No additional configuration required — models load automatically.

## 🚀 Quick Start

```python
from science_ocr import ScienceOCR

ocr = ScienceOCR()

text = ocr.parse_text(
    path="path/to/paper.pdf",
    first_page=0,      # optional
    last_page=None,    # optional
    dpi=300            # optional
)

print(text)
```

## 📘 API Reference

### `class ScienceOCR(use_gpu=True)`

Initializes the OCR engine.

| Parameter | Type | Default | Description |
|-----------|------|---------|-------------|
| use_gpu | bool | True | If `True`, uses GPU if available. If `False`, forces CPU usage, which may be slower but more stable on some systems and avoid memory issues. |

### `parse_text(self, path, first_page=0, last_page=None, dpi=300)`

Extracts OCR text from a PDF.

| Parameter | Type | Default | Description |
|-----------|------|---------|-------------|
| path | str | — | Path to the PDF file. |
| first_page | int | 0 | 0-indexed first page to process. |
| last_page | int \| None | None | Last page index (inclusive). If `None`, processes until the final page. |
| dpi | int | 300 | Rasterization DPI for PyMuPDF before OCR. |

**Returns:** A single string containing the concatenated OCR text from the selected page range.

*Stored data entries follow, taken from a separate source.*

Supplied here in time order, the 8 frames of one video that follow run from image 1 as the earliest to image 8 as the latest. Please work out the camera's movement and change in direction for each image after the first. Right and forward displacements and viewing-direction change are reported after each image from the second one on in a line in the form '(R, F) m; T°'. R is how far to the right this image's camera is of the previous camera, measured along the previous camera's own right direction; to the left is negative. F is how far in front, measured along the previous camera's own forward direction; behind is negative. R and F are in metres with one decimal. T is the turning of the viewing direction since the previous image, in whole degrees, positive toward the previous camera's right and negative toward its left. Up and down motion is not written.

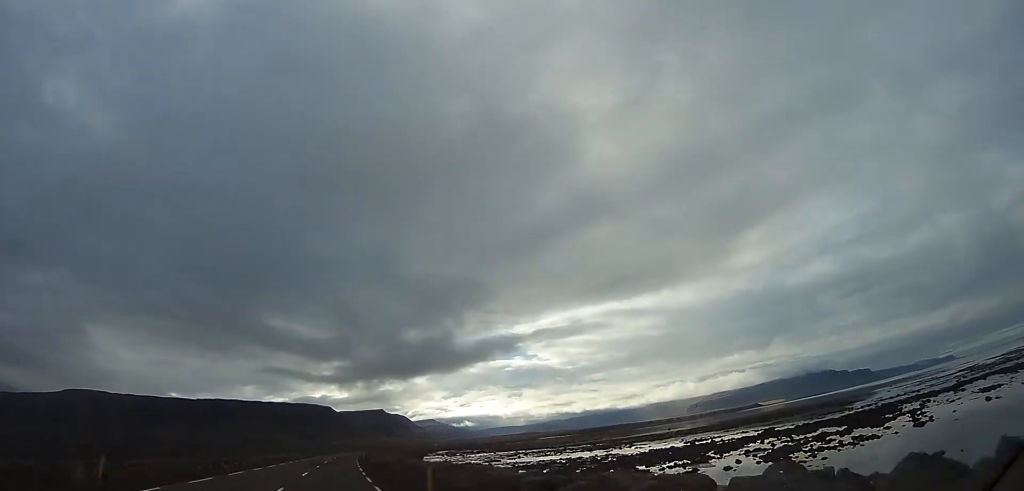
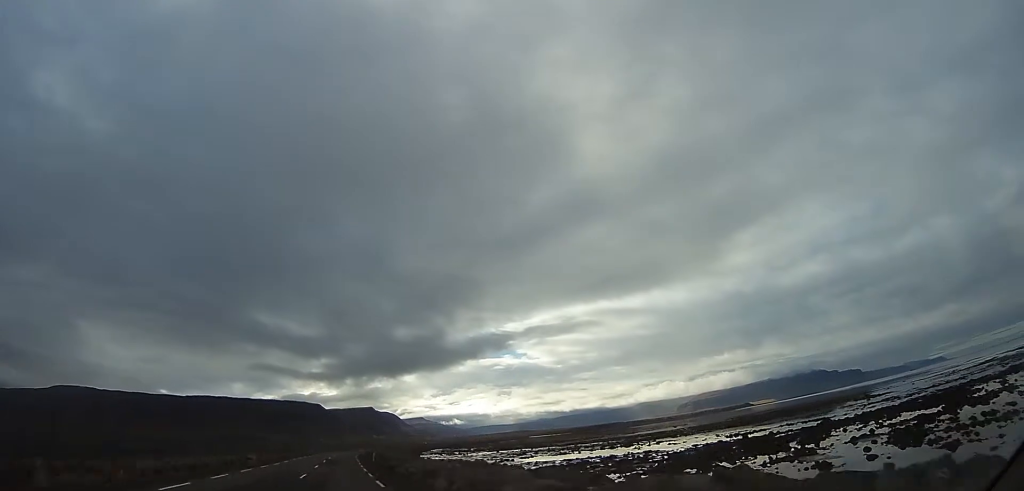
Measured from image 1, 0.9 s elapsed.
(+0.1, +27.5) m; 0°
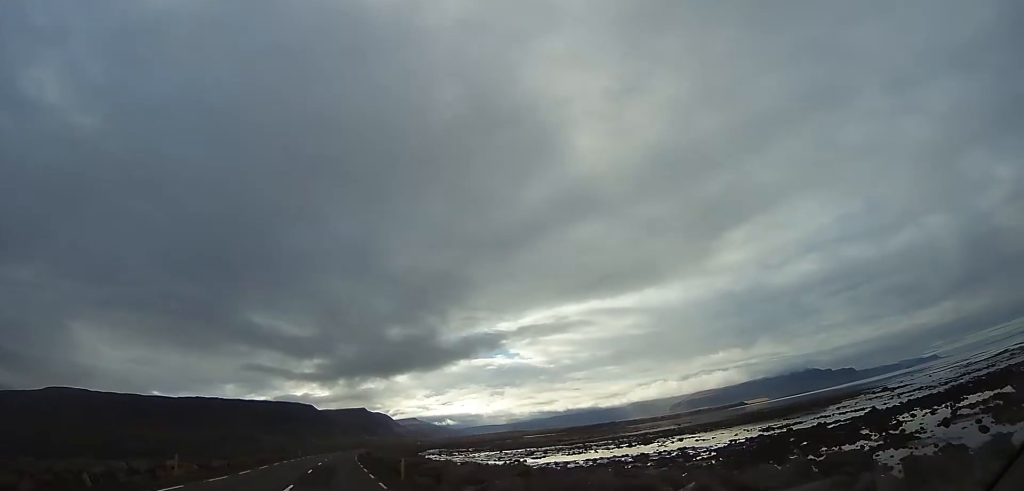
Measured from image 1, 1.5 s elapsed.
(0.0, +18.3) m; +1°
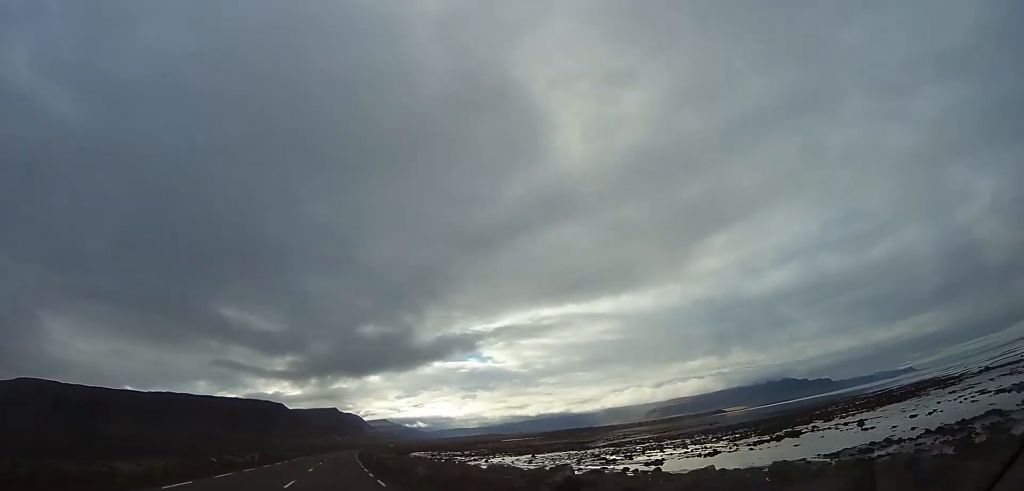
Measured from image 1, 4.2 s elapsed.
(+2.6, +82.2) m; +4°
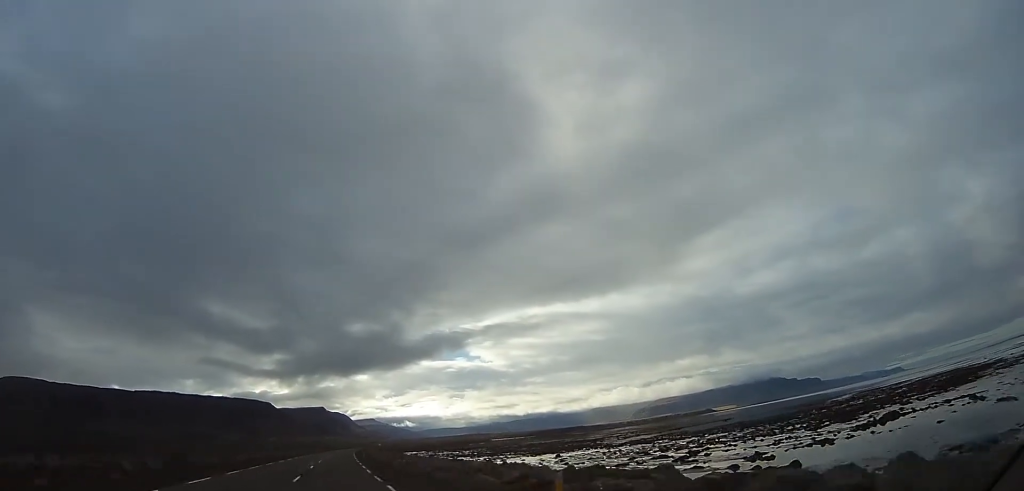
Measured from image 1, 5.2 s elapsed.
(+1.0, +33.3) m; +2°
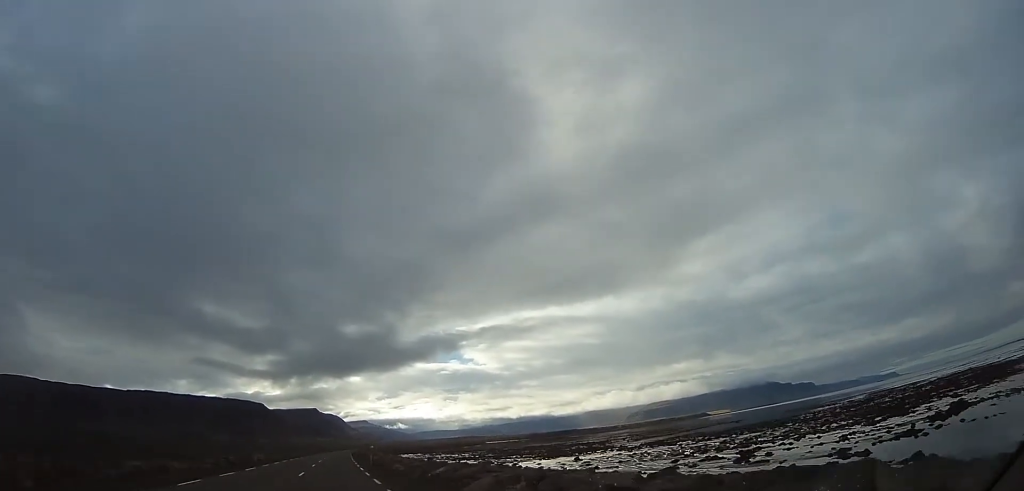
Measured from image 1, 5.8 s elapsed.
(-0.1, +18.7) m; +1°
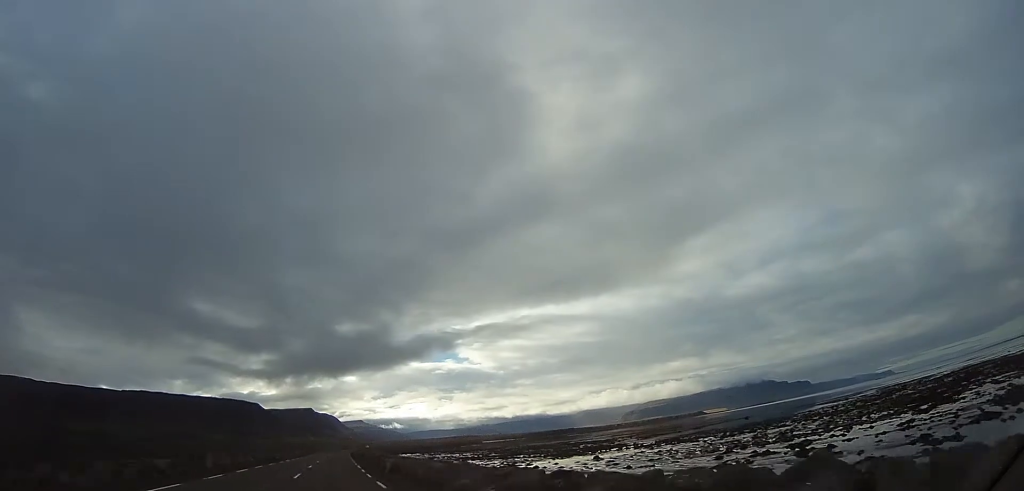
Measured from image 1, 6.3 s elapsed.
(+0.1, +14.5) m; 0°
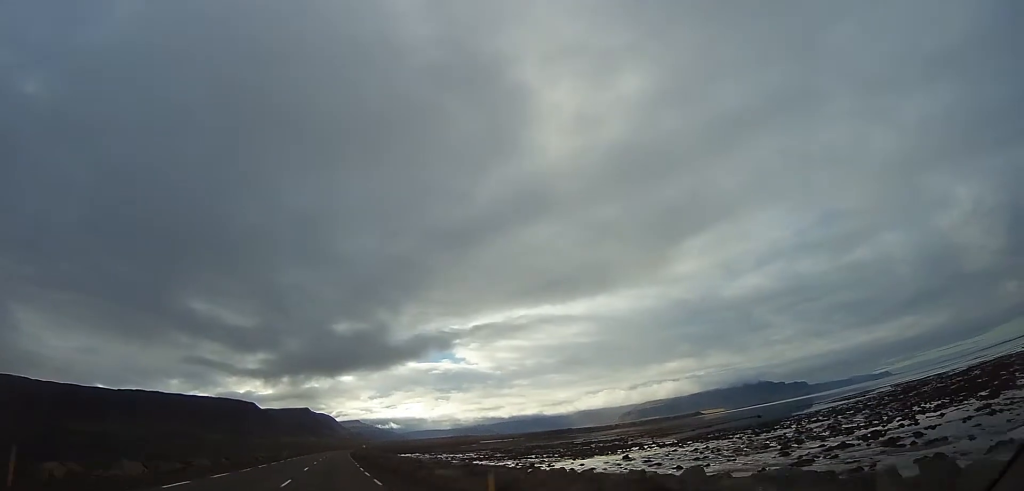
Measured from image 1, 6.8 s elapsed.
(+0.3, +16.6) m; 0°

## 🧠 How It Works (Behind the Scenes)

1. PyMuPDF (fitz) loads the PDF and renders each page at the specified DPI.
2. Each rendered page image is passed through Surya-OCR:
   * `layout` model to detect structure
   * `text_detection` model to find text regions
   * `text_recognition` model to extract text
3. Results are merged and returned as clean, readable text.

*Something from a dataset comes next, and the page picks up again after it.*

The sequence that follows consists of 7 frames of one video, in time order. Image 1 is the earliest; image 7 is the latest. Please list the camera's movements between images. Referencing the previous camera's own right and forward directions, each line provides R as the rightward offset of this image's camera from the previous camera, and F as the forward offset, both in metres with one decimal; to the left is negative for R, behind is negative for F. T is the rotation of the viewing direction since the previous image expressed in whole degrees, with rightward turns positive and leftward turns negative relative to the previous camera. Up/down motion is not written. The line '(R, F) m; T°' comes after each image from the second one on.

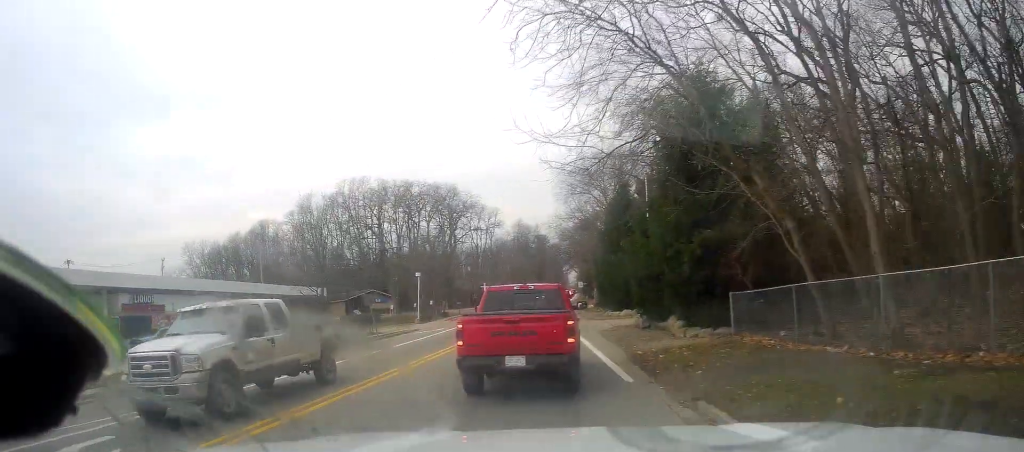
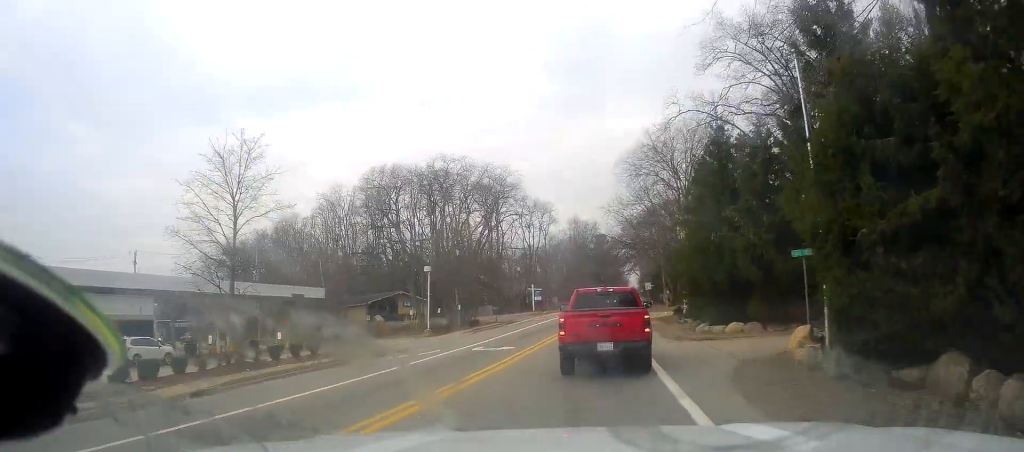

This hybrid pipeline is optimized for the complex layouts of scientific literature (equations, tables, multi-column layouts, etc.).

## 📦 Model Weights

This package uses Surya-OCR models that are mirrored on HuggingFace for reliability:
- Mirror: `https://huggingface.co/TomasGD/surya-ocr-mirror-models-2025_05_07`

Models are subject to Surya's licensing terms (see [MODEL_LICENSE](MODEL_LICENSE)).

## 🤝 Contributing

Pull requests and suggestions are welcome! If you encounter any issues, please open an issue on the project's repository.

## 📄 License

**Science-OCR** is licensed under AGPL-3.0, but depends on:

- **PyMuPDF**: AGPL-3.0
- **Surya-OCR**: Code is GPL-3.0 & Models are AI Pubs Open Rail-M license (free for research, personal use, and startups under $2M funding/revenue)

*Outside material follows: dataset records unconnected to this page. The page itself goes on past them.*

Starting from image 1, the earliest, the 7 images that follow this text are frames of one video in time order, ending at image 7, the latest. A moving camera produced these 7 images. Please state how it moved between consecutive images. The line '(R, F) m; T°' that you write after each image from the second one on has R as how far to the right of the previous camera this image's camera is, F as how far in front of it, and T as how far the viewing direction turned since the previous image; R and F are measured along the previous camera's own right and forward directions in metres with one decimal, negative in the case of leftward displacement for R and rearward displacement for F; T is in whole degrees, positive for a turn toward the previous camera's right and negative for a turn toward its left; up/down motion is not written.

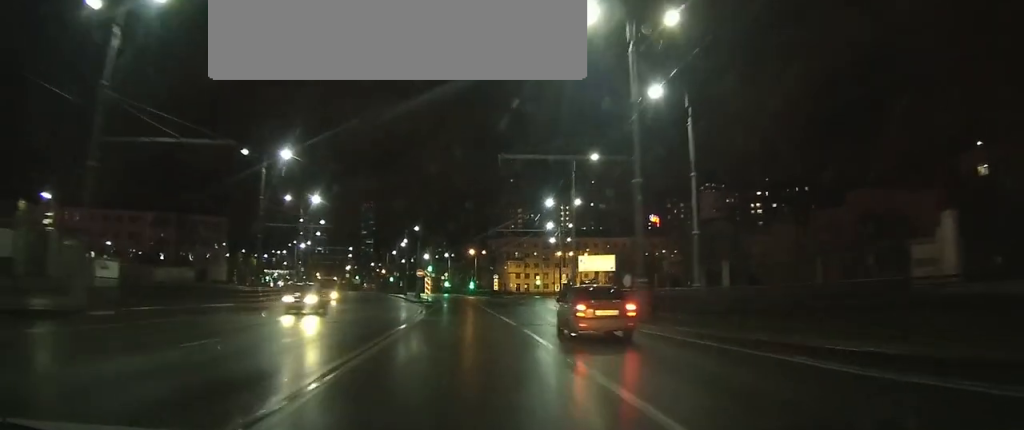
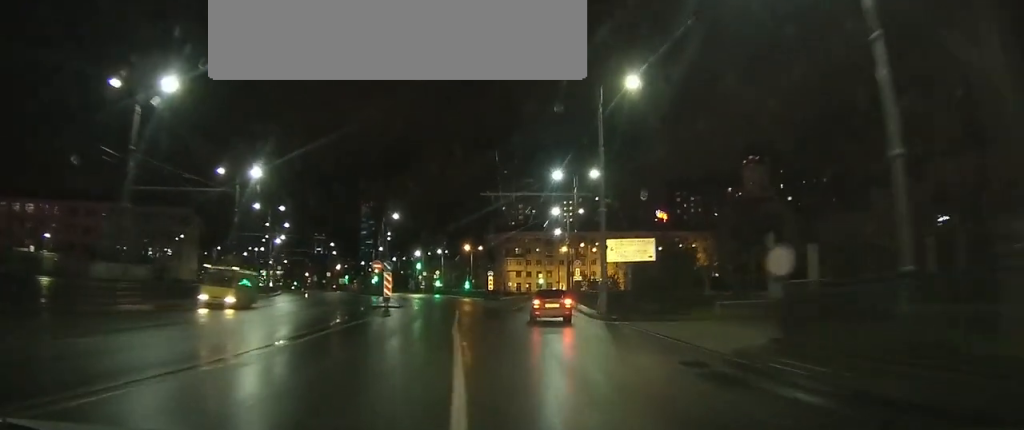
(+0.1, +17.9) m; 0°
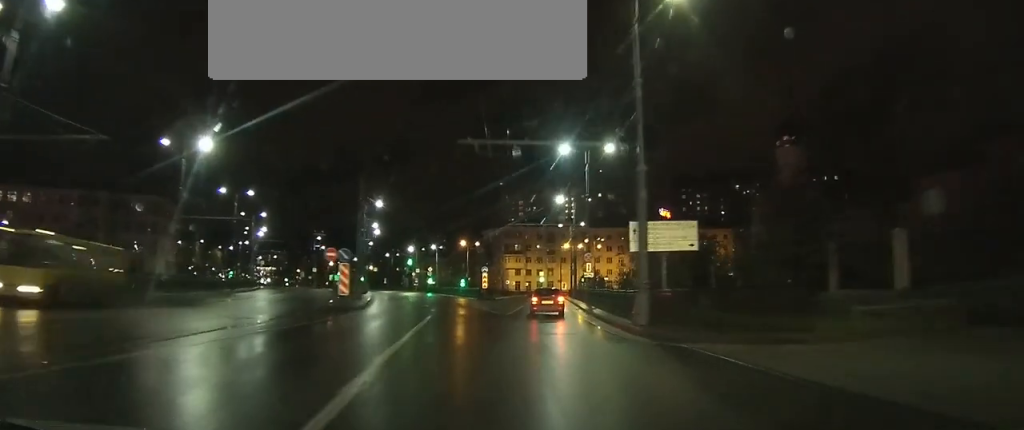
(0.0, +10.3) m; 0°
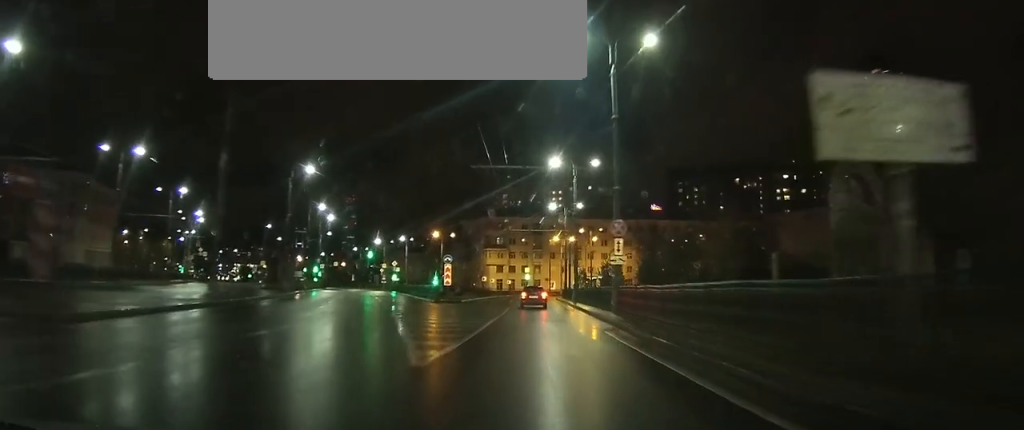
(+0.1, +21.1) m; 0°
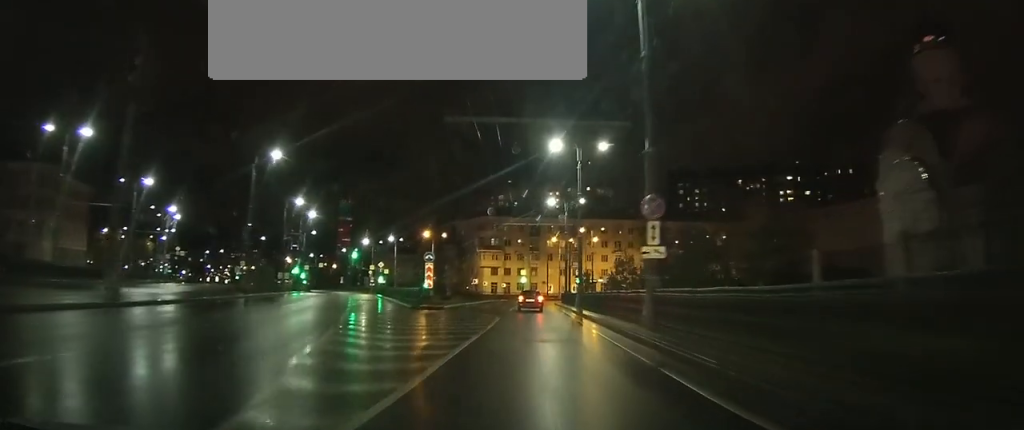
(0.0, +7.5) m; 0°
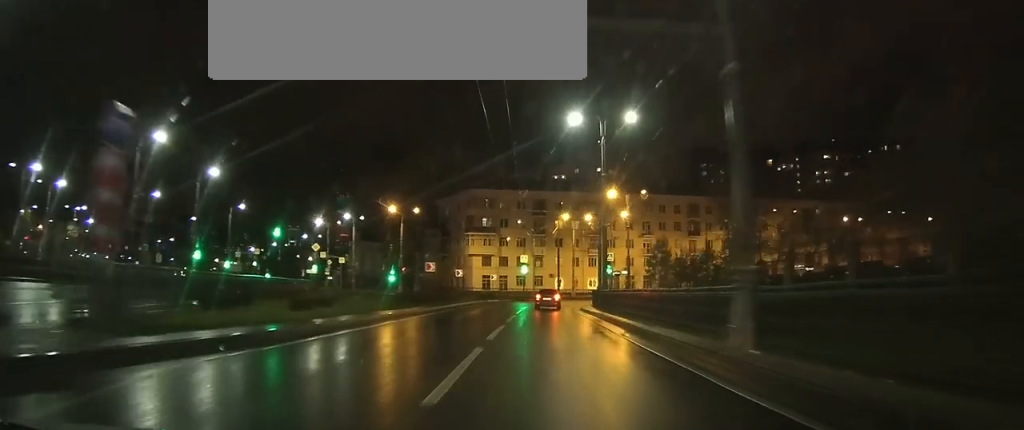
(-0.1, +31.8) m; 0°
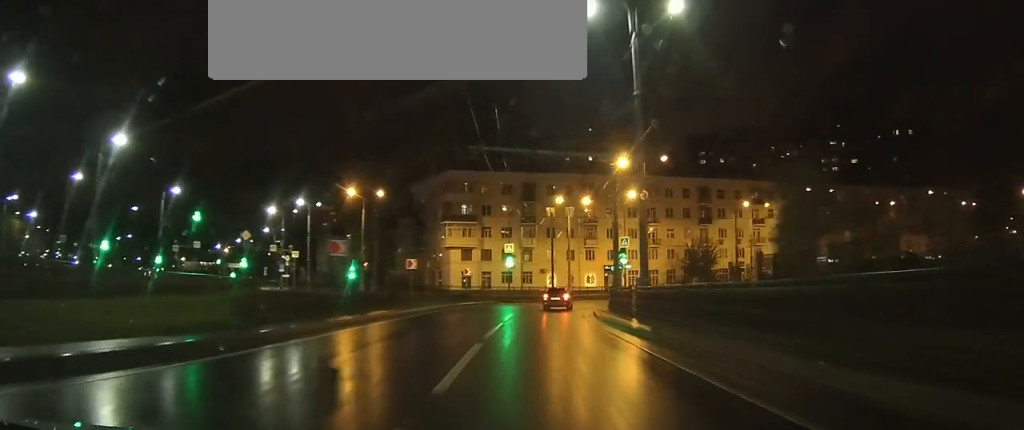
(+0.1, +14.6) m; +1°

**For commercial use exceeding $2M funding/revenue, you must obtain commercial licenses for the dependencies.**

## Disclaimer

The maintainers of Science-OCR are not responsible for ensuring your compliance with third-party licenses. It is your responsibility to review and comply with all applicable licenses for dependencies used in this project.